Оба варианта стопроцентны.
Официантка приняла заказ и, надеюсь, облезла от непонимания того, как такой явно обеспеченный красавчик, как Колесников, смог клюнуть на такую мышь в толстовке, как я.
— Алёнушка, — обратился ко мне Вадим. Его голос был полон веселья и даже какого-то детского восторга, будто его наконец-то привели в луна-парк, о котором он давно мечтал.
— Что? — я повернулась к нему и заглянула в темные озорные глаза.
Всё-таки, это стоит признать — улыбается глазами он просто обезоруживающе. Передо мной будто сидит милый плюшевый медвежонок, а не беспощадный и циничный разбиватель девичьих сердец. Сколько их? Сотни? Он же буквально ежедневно пляшет по их осколкам и даже не замечает этого. Только по взглядам, что бросают на него некоторые девчонки, можно понять, что им до сих пор больно, хоть внешне они и видятся равнодушными.
— Всё хотел спросить, как тебе удалось так долго от меня прятаться?
— Это несложно, Колесников, учитывая, что ты замечаешь только красоток.
— А ты разве не красотка?
— Не смеши, — фыркнула я и откинулась на спинку стула, скрестив руки на груди.
— Не закрывайся, — глянул на мои руки. — Но тебе не убежать от факта — ты красотка. Уверен, там под толстовкой зачётная фигурка.
— Нет. Да и о том, что под моей толстовкой, ты вряд ли когда-либо узнаешь.
— Понял, — кивнул он коротко. — Не хочешь рассказывать о себе, тогда поговорим о том, какой я офигенный. Моя любимая тема, кстати. Я в ней шарю лучше всех.
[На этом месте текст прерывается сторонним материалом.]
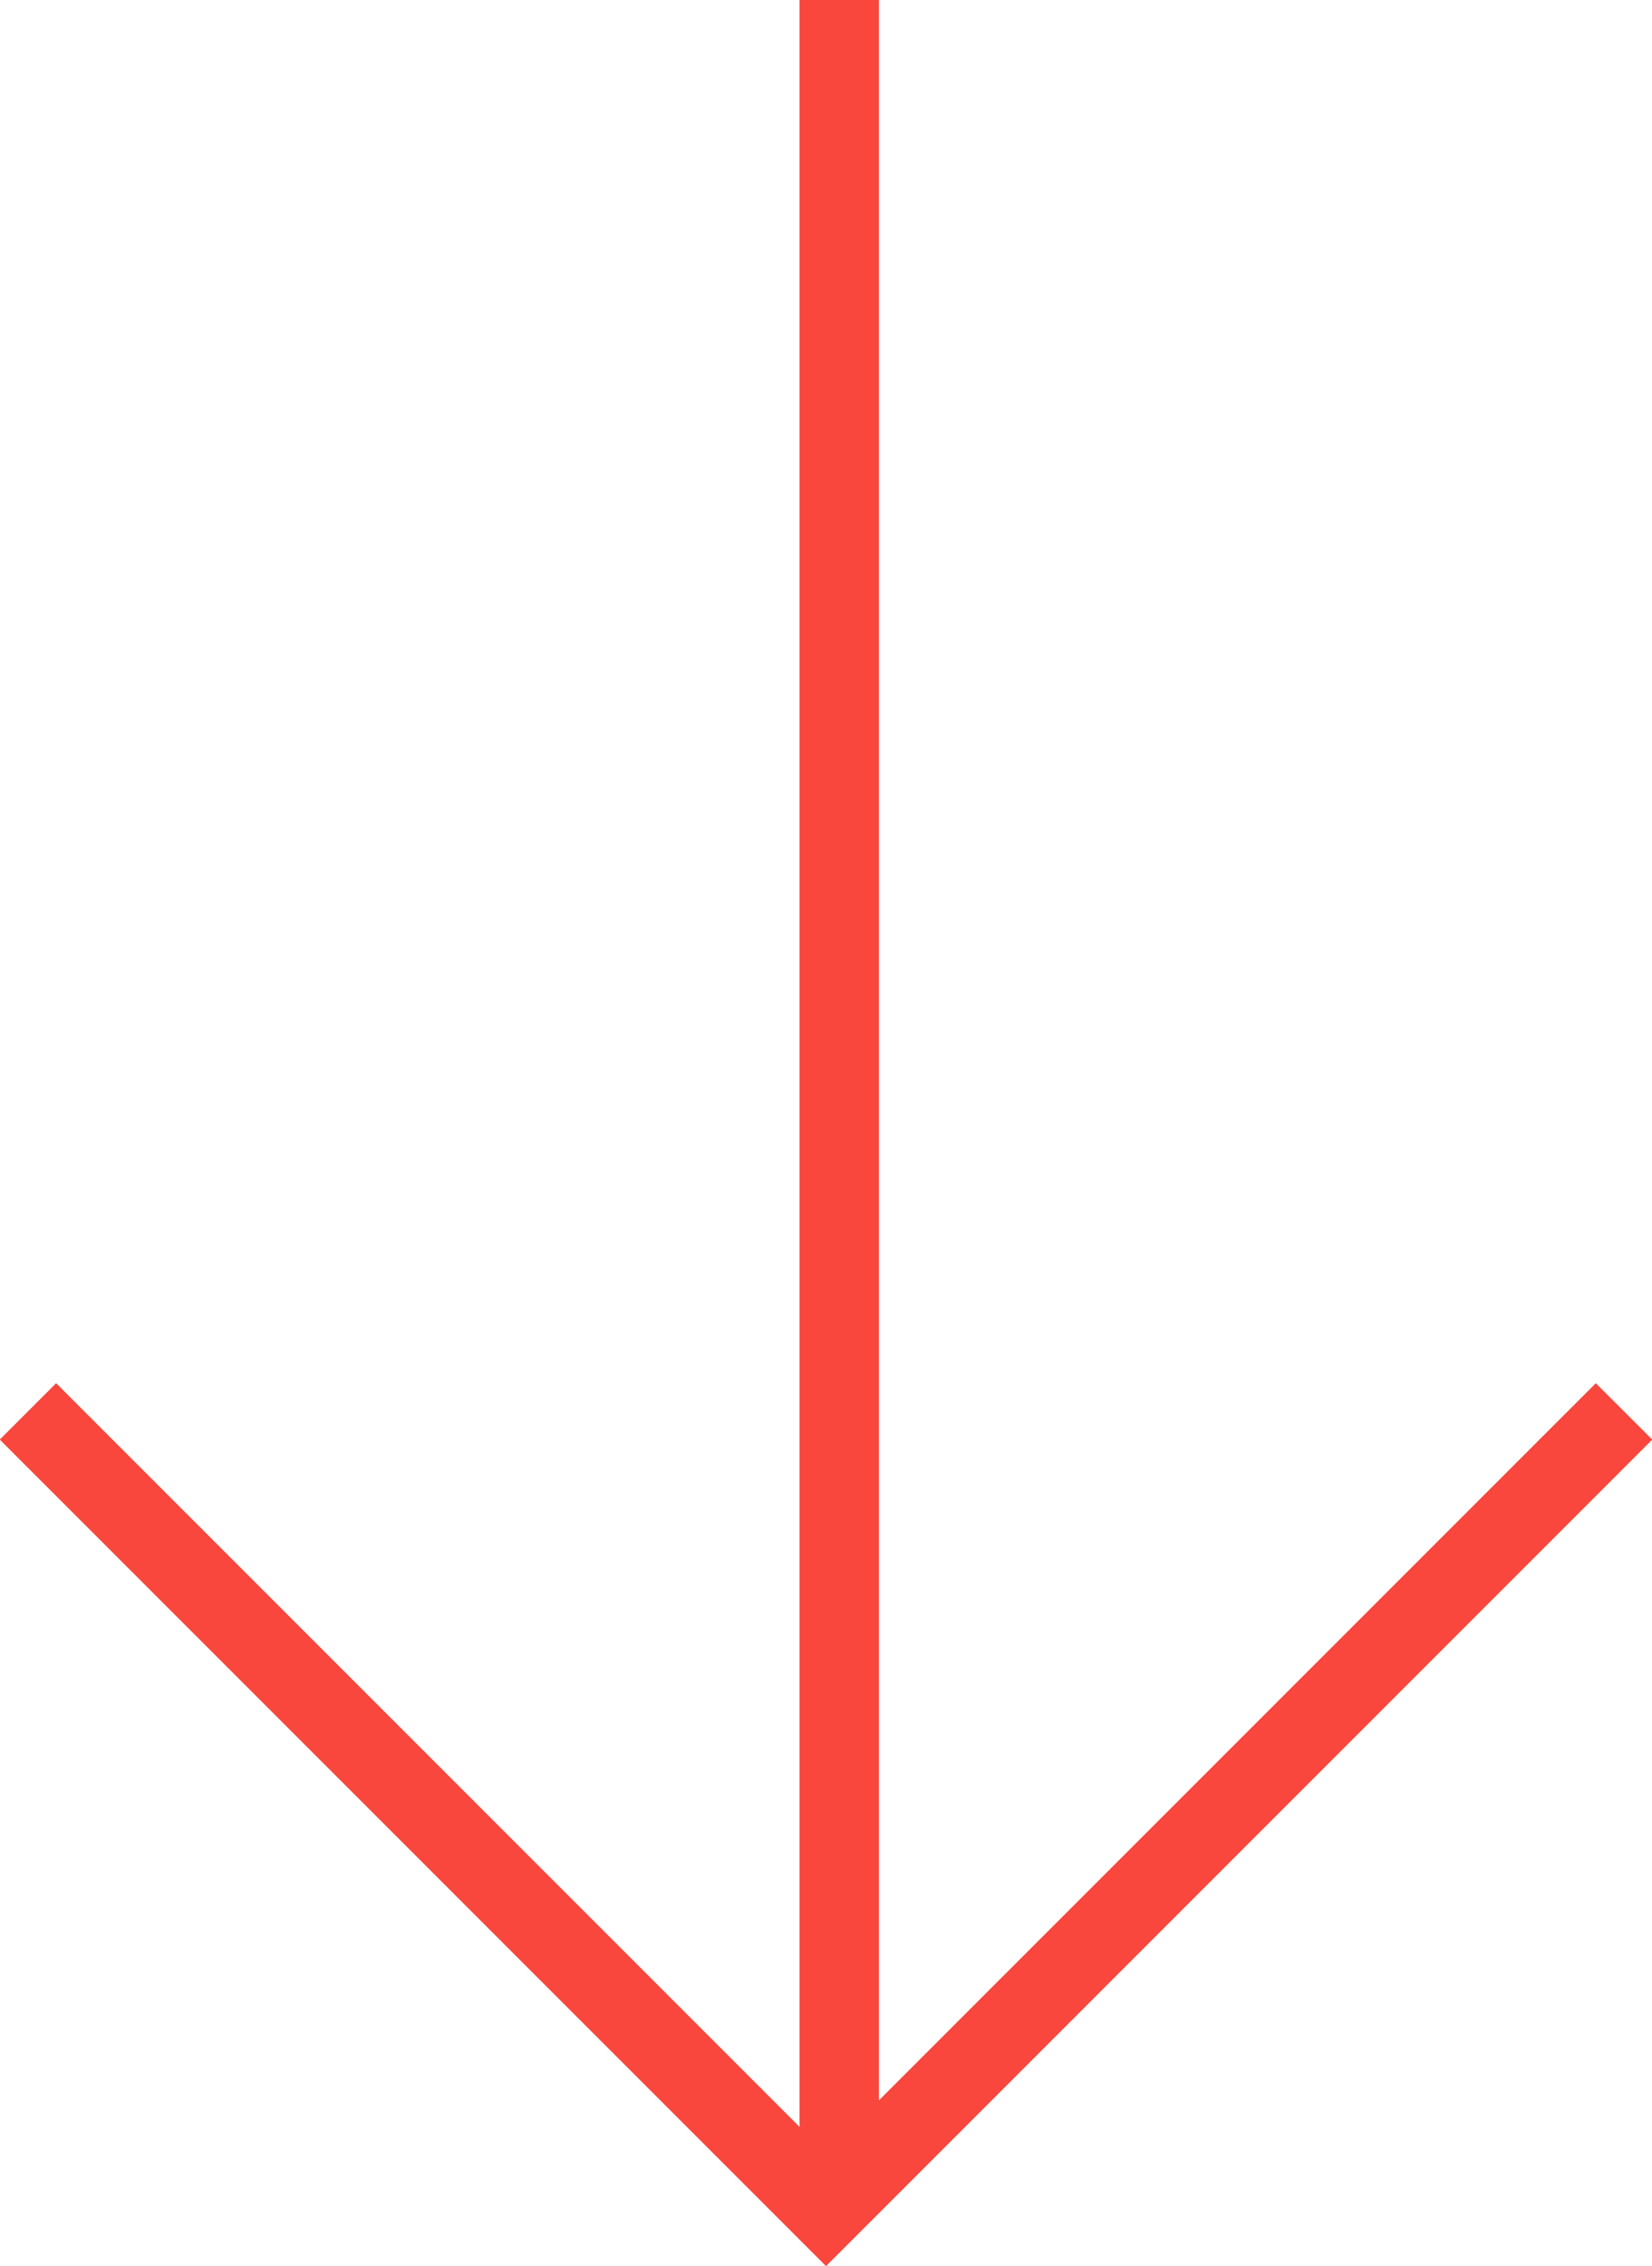 <svg xmlns="http://www.w3.org/2000/svg" width="62.446" height="85.621" viewBox="0 0 62.446 85.621"><g transform="translate(-688.777 -670.5)"><path d="M1.5,83.5h-3V0h3Z" transform="translate(720.5 670.5)" fill="#fa473d"/><path d="M1219.723,643.761,1188.5,612.538l31.223-31.223,2.121,2.121-29.1,29.1,29.1,29.1Z" transform="translate(107.462 1944.621) rotate(-90)" fill="#fa473d"/><path d="M1219.723,643.761,1188.5,612.538l31.223-31.223,2.121,2.121-29.1,29.1,29.1,29.1Z" transform="translate(107.462 1944.621) rotate(-90)" fill="#fa473d"/><path d="M1219.723,643.761,1188.5,612.538l31.223-31.223,2.121,2.121-29.1,29.1,29.1,29.1Z" transform="translate(107.462 1944.621) rotate(-90)" fill="#fa473d"/></g></svg>

— Боже… — я шумно вздохнула и откинула голову назад, глянув на потолок. Снова опустила взгляд на парня, который продолжал широко улыбаться, глядя на меня. — Надеюсь, в твоём заказе были бананы или хотя бы компот? Хочу заткнуть себе чем-нибудь уши.
Нам принесли заказ: два стейка, две пасты с морепродуктами и два салата, политых каким-то густым соусом. И целый чайник с горячим чаем на травах специально для нас.
— Приятного аппетита, — бросила дежурно официантка и ушла, оставив нас одних.
— Налетай, — Колесников с предвкушением потёр руки и начал со стейка. Ел он очень аппетитно. Причмокивал, постанывал и даже успевал подплясывать между делом какой-то песни из открытой только в его голове вкладке. — Кушай-кушай. Сытая женщина — добрая женщина.
Я коротко усмехнулась.
— Я сейчас поем, а потом ты скажешь «добрая женщина, дайте, пожалуйста»?
— Что «дайте»? — не понял Колесников.
— Потрахаться, — цокнула я. Данное слово было немного неловко говорить в относительно людном месте, но оно очень напрашивалось.